:: Action item ::
Your reply should contain only the line with "Their left hand changes height. It goes" and the lines after it through the end of the data, each written out exactly.

(Source records)
******
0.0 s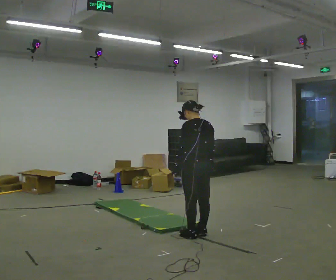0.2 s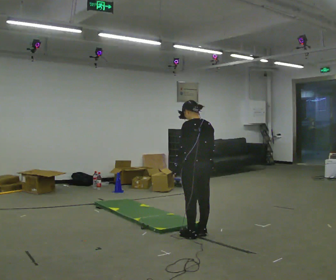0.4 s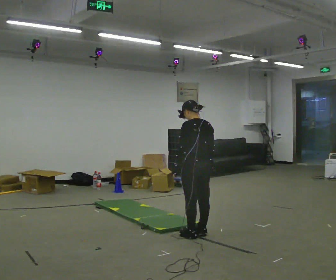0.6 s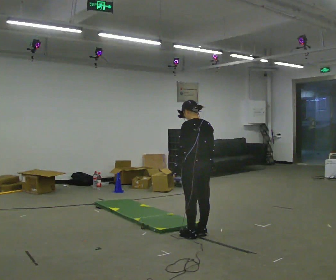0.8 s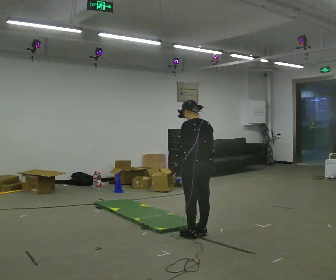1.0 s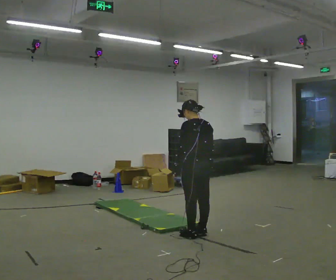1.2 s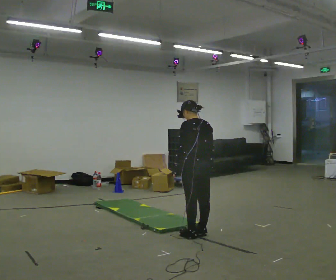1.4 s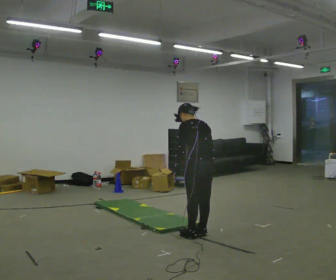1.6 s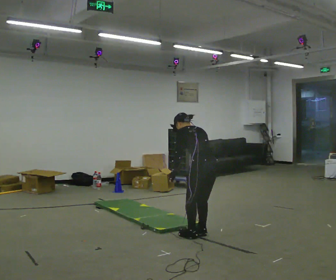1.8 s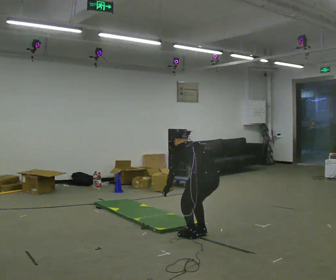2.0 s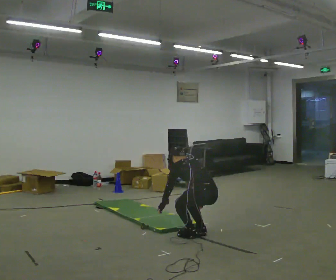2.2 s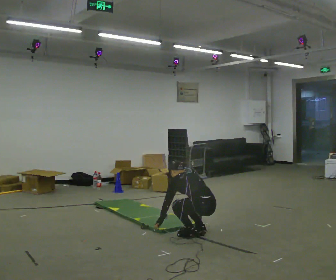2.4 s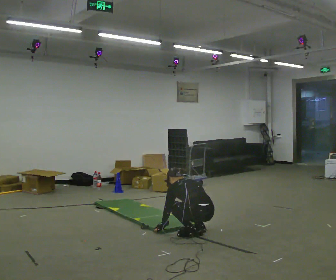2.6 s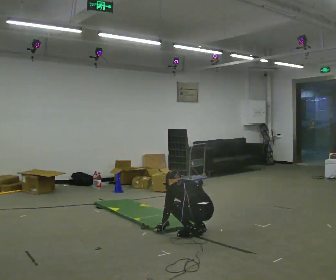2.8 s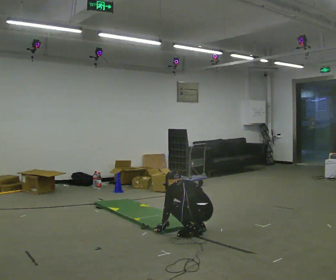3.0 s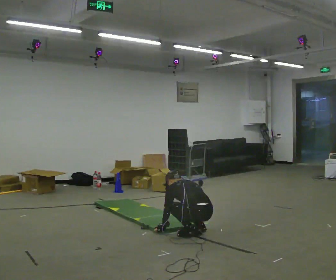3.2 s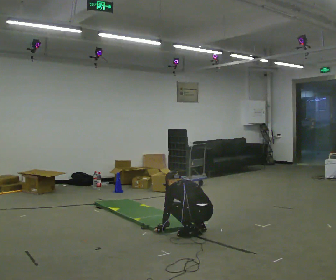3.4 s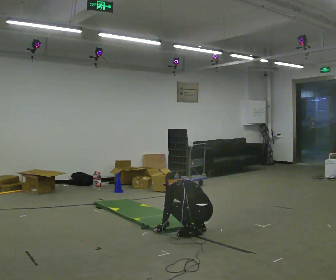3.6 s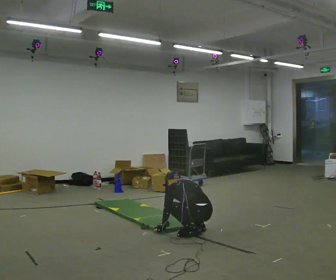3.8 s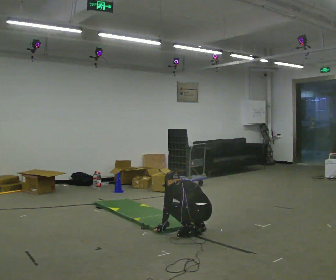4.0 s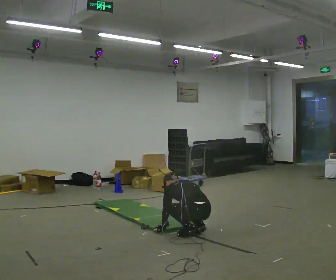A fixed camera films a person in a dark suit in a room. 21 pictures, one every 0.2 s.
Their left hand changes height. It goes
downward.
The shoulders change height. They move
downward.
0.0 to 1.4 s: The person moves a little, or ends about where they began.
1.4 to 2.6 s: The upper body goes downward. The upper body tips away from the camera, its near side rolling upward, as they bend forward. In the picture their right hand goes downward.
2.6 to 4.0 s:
******
:: Answer box ::
Their left hand changes height. It goes
downward.
The shoulders change height. They move
downward.
0.0 to 1.4 s: The person moves a little, or ends about where they began.
1.4 to 2.6 s: The upper body goes downward. The upper body tips away from the camera, its near side rolling upward, as they bend forward. In the picture their right hand goes downward.
2.6 to 4.0 s:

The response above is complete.